Satire series “Spitting Image” returns to mock American politics

Photo courtesy of Fair Use, Wikipedia

 

How popular would a television series have to be to have major celebrities actually looking forward to being lampooned in horribly distorted cartoons of themselves? As popular as the Brit-hit satire puppet show “Spitting Image.”

“Spitting Image” was an era-defining comedy series that started during the heyday of the Iron Lady, Margaret Thatcher, when she was the Prime Minister of the United Kingdom, drawing in as many as 15 million people every week.

During its first run between 1984 and 1996, nobody on the world stage was beyond ridicule. Some of the show’s most notable bits include Ronald Reagan being shown as a bumbling fool, Mikhail Gorbachev was a “da”-man with a hammer-and-sickle birthmark on his forehead, Queen Elizabeth II as a perpetual drunk and Pope John Paul II as a banjo-playing womanizer with a thick African-American accent, among others.

“Spitting Image” is a weekly puppet show that dabbles in the surrealism achieved from ridiculing the political figures and celebrities to the point of absurdity and beyond. With the current political climate across the world, one could argue that it does not take much effort to paint them in an absurd image, so “Spitting Image” made the right call in coming back this October on streaming service BritBox and its YouTube channel, roughly 24 years since its final episode in 1996.
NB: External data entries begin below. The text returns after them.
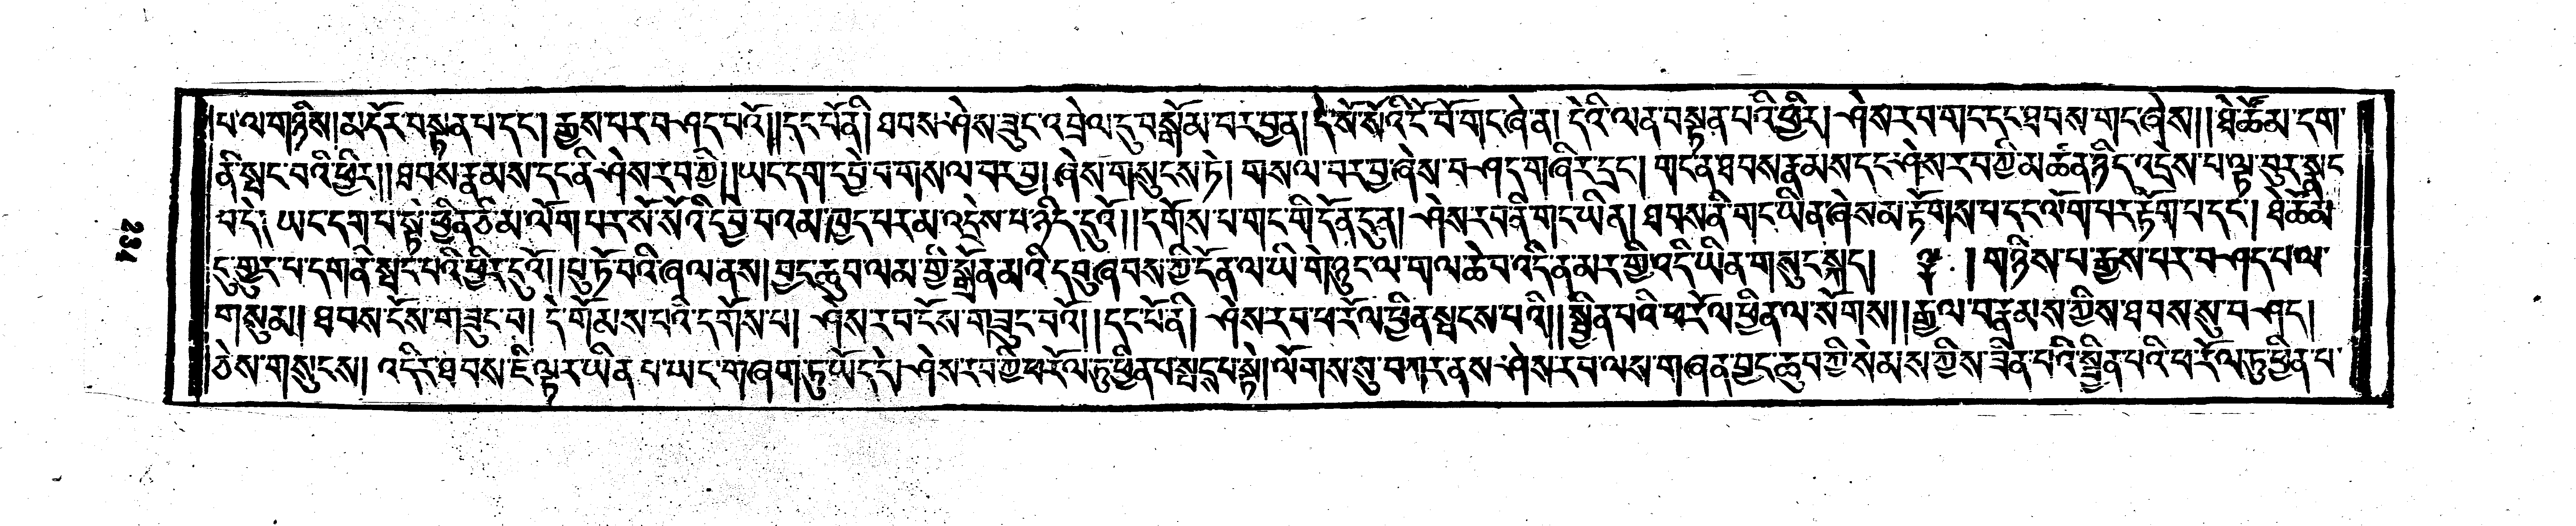པ་ལ་གཉིས། མདོར་བསྟན་པ་དང་། རྒྱས་པར་བཤད་པའོ། །དང་པོ་ནི། ཐབས་ཤེས་ཟུང་འབྲེལ་དུ་བསྒོམ་པར་བྱ་ན། དེ་སོ་སོའི་ངོ་བོ་གང་ཞེ་ན། དེའི་ལན་བསྟན་པའི་ཕྱིར། ཤེས་རབ་གང་དང་ཐབས་གང་ཞེས། །ཐེ་ཚོམ་དག་
ནི་སྤང་བའི་ཕྱིར། །ཐབས་རྣམས་དང་ནི་ཤེས་རབ་ཀྱི། །ཡང་དག་དབྱེ་བ་གསལ་བར་བྱ། ཞེས་གསུངས་ཏེ། གསལ་བར་བྱ་ཞེས་བཤད་གཞིར་དྲང་། གང་ན་ཐབས་རྣམས་དང་ཤེས་རབ་ཀྱི་མཚན་ཉིད་འདྲེས་པ་ལྟ་བུར་སྣང་
བ་དེ། ཡང་དག་པ་སྟེ་ཕྱིན་ཅི་མ་ལོག་པར་སོ་སོའི་དབྱེ་བའམ་ཁྱད་པར་མ་འདྲེས་པ་ཉིད་དུའོ། །དགོས་པ་གང་གི་དོན་དུ་ན། ཤེས་རབ་ནི་གང་ཡིན། ཐབས་ནི་གང་ཡིན་ཞེས་མ་རྟོགས་པ་དང་ལོག་པར་རྟོག་པ་དང་། ཐེ་ཚོམ་
དུ་གྱུར་པ་དག་ནི་སྤང་བའི་ཕྱིར་དུའོ། །པུ་ཏོ་བའི་ཞལ་ནས། བྱང་ཆུབ་ལམ་གྱི་སྒྲོན་མའི་དབུ་ཞབས་ཀྱི་དོན་ལ་ཡི་གེ་ཉུང་ལ་གལ་ཆེ་བ་འདི་ན་མར་གྱི་འདི་ཡིན་གསུང་སྐད། ༈ །གཉིས་པ་རྒྱས་པར་བཤད་པ་ལ་
གསུམ། ཐབས་ངོས་གཟུང་བ། དེ་གོམས་པའི་དགོས་པ། ཤེས་རབ་ངོས་གཟུང་བའོ། །དང་པོ་ནི། ཤེས་རབ་ཕ་རོལ་ཕྱིན་སྤངས་པའི། །སྦྱིན་པའི་ཕ་རོལ་ཕྱིན་ལ་སོགས། །རྒྱལ་བ་རྣམས་ཀྱིས་ཐབས་སུ་བཤད།
ཅེས་གསུངས། འདིར་ཐབས་ཇི་ལྟར་ཡིན་པ་ཡང་གཞག་ཏུ་ཡོད་དེ། ཤེས་རབ་ཀྱི་ཕ་རོལ་ཏུ་ཕྱིན་པ་སྤངས་པ་སྟེ། ལོགས་སུ་བཀར་ནས་ཤེས་རབ་ལས་གཞན་བྱང་ཆུབ་ཀྱི་སེམས་ཀྱིས་ཟིན་པའི་སྦྱིན་པའི་ཕ་རོལ་ཏུ་ཕྱིན་པ་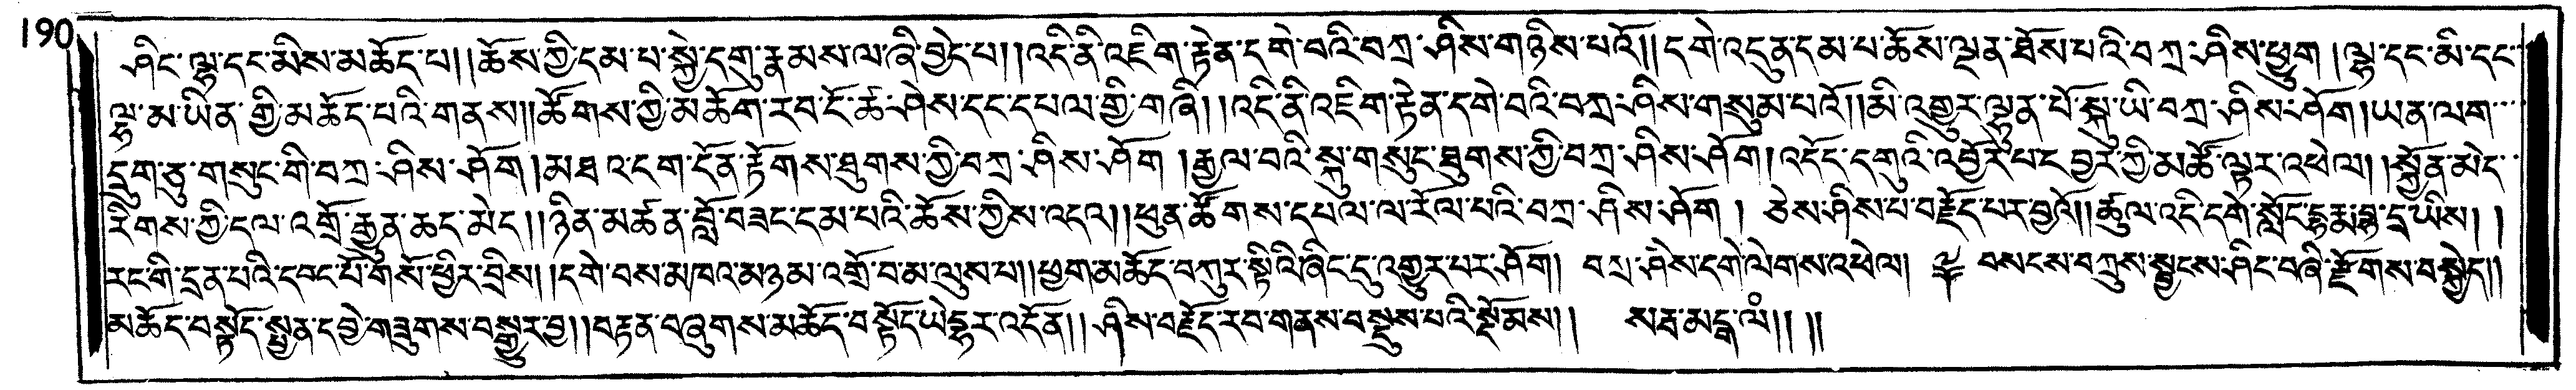ཤིང་ལྷ་དང་མིས་མཆོད་པ། །ཆོས་ཀྱི་དམ་པ་སྐྱེ་དགུ་རྣམས་ལ་ཞི་བྱེད་པ། །འདི་ནི་འཇིག་རྟེན་དགེ་བའི་བཀྲ་ཤིས་གཉིས་པའོ། །དགེ་འདུན་དམ་པ་ཆོས་ལྡན་ཐོས་པའི་བཀྲ་ཤིས་ཕྱུག །ལྷ་དང་མི་དང་
ལྷ་མ་ཡིན་གྱི་མཆོད་པའི་གནས། །ཚོགས་ཀྱི་མཆོག་རབ་ངོ་ཚ་ཤེས་དང་དཔལ་གྱི་གཞི། །འདི་ནི་འཇིག་རྟེན་དགེ་བའི་བཀྲ་ཤིས་གསུམ་པའོ། །མི་འགྱུར་ལྷུན་པོ་སྐུ་ཡི་བཀྲ་ཤིས་ཤོག །ཡན་ལག་
དྲུག་ཅུ་གསུང་གི་བཀྲ་ཤིས་ཤོག །མཐའ་དག་དོན་རྟོགས་ཐུགས་ཀྱི་བཀྲ་ཤིས་ཤོག །རྒྱལ་བའི་སྐུ་གསུང་ཐུགས་ཀྱི་བཀྲ་ཤིས་ཤོག །འདོད་དགུའི་འབྱོར་པ་དབྱར་ཀྱི་མཚོ་ལྟར་འཕེལ། །སྐྱོན་མེད་
རིགས་ཀྱི་དལ་འགྲོ་རྒྱུན་ཆད་མེད། །ཉིད་མཚན་བློ་བཟང་དམ་པའི་ཆོས་ཀྱིས་འདའ། །ཕུན་ཚོགས་དཔལ་ལ་རོལ་པའི་བཀྲ་ཤིས་ཤོག། ཅེས་ཤིས་པ་བརྗོད་པར་བྱའོ། །ཚུལ་འདི་དགེ་སློང་དྷ་རྨ་བྷ་དྲ་ཡིས། །
རང་གི་དྲན་པའི་དབང་པོ་གསོ་ཕྱིར་བྲིས། །དགེ་བས་མཁའ་མཉམ་འགྲོ་བ་མ་ལུས་པ། །ཕྱག་མཆོད་བཀུར་སྟིའི་ཞིང་དུ་འགྱུར་པ་ཤོག །བཀྲ་ཤིས་དགེ་ལེགས་འཕེལ། ༈ བསངས་བཀྲུས་སྦྱངས་ཤིང་བཞི་རྫོགས་བསྐྱེད། །
མཆོད་བསྟོད་སྤྱན་དབྱེ་གཟུགས་བསྒྱུར་བྱ། །བརྟན་བཞུགས་མཆོད་བསྟོད་ཡེདྷར་འདོན། །ཤིས་བརྗོད་རབ་གནས་བསྡུས་པའི་སྡོམས། །སརྦ་མངྒ་ལཾ།། །།

The strength in “Spitting Image” treads on that razor-thin line between the absurd and the realistic, and that is the source of all the occasional snorting of air through your nostrils and the more frequent fits of helpless giggles. 

One of the more memorable throwaway scenes of this season so far takes place in “US Election Special (Part 2).” Comprised of only fifteen seconds, it is set in Senator Mitch McConnell’s office, where he’s interviewing every single lawyer he can find to nominate as a judge:

“So you say you’re a lawyer?” asks a strangely turtle-like McConnell.

The candidate replies, “Yep. Got my business card right here!” while sliding across a bottle of “Jack Spaniels.”

“But you have been to law school?”

“I’ve been to school, and I’ve had run-ins with the law.”

McConnell then throws a black robe towards the candidate, saying, “You’re a judge.”

“Spitting Image” goes against the norm for most of the political satires of our times, and it pulls strong punches at both sides of the political spectrum: portraying Nancy Pelosi as pander-happy with as much cruelty as Dominic Cummings (the chief adviser to Boris Johnson) as an alien from the planet Epsilon-5. Above all, it holds the public figures up to scrutiny in a time where major media seems all too happy to either elevate them onto a godly pedestal or trash them like peddlers on the street.

To “Spitting Image,” every public figure is peddling their ideals onto the mass narrative or government policy. Therefore, it makes them perfect objects of ridicule.

“Spitting Image” is available to watch on BritBox, as well as its official YouTube channel, which uploads full episodes every week.